Download or read book The Nazi Hunters written by Andrew Nagorski and published by Simon and Schuster. This book was released on 2016 with total page 416 pages. Available in PDF, EPUB and Kindle. Book excerpt: "Describes the small group of men and women who sought out former Nazis all over the world after the Nuremberg trials, refusing to let their crimes be forgotten or allowing them to quietly live inconspicuous, normal lives."--NoveList.

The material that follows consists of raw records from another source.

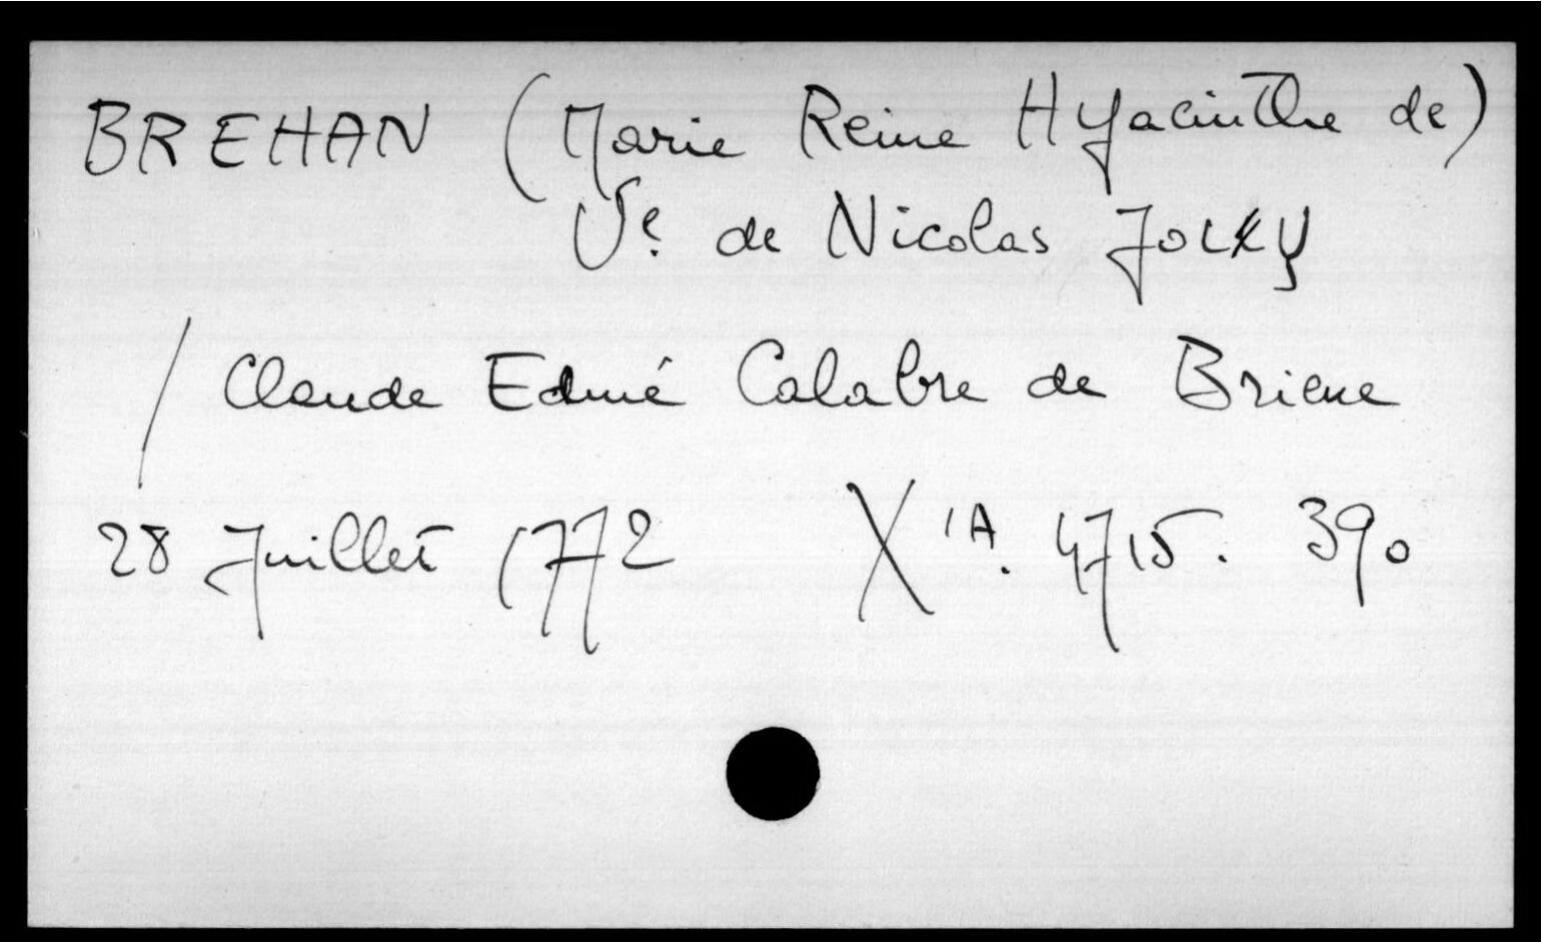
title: BREHAN (Marie Reine Hyacinthe de) veuve de Nicolas Joly
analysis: Contre Claude Edmé Calabre de Brieue
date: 28 juillet 1772
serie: X1A
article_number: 4715
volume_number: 390

Book The Bitch of Buchenwald

    Book Details:
  • Author : Julius Balbin
  • Publisher : Cross Cultural Comm
  • Release : 1986-01-01
  • ISBN : 9780893043018
  • Pages : 48 pages

Download or read book The Bitch of Buchenwald written by Julius Balbin and published by Cross Cultural Comm. This book was released on 1986-01-01 with total page 48 pages. Available in PDF, EPUB and Kindle. Book excerpt:

Book Notorious Nazi Women  American English Edition

Download or read book Notorious Nazi Women American English Edition written by Stewart Andel and published by Independently Published. This book was released on 2019-04-10 with total page 144 pages. Available in PDF, EPUB and Kindle. Book excerpt: Some things in life go unnoticed. The fact that there were ruthless, vicious and vindictive female Nazi guards is one of them. This new title from author Stewart Andel hopes to address that issue and open up the stories behind the evil Nazi plague that were the Notorious Nazi Women. Hear the stories of "The Bitch of Buchenwald", or the "Beautiful Beast" inside this first volume of The Eclectic Collection.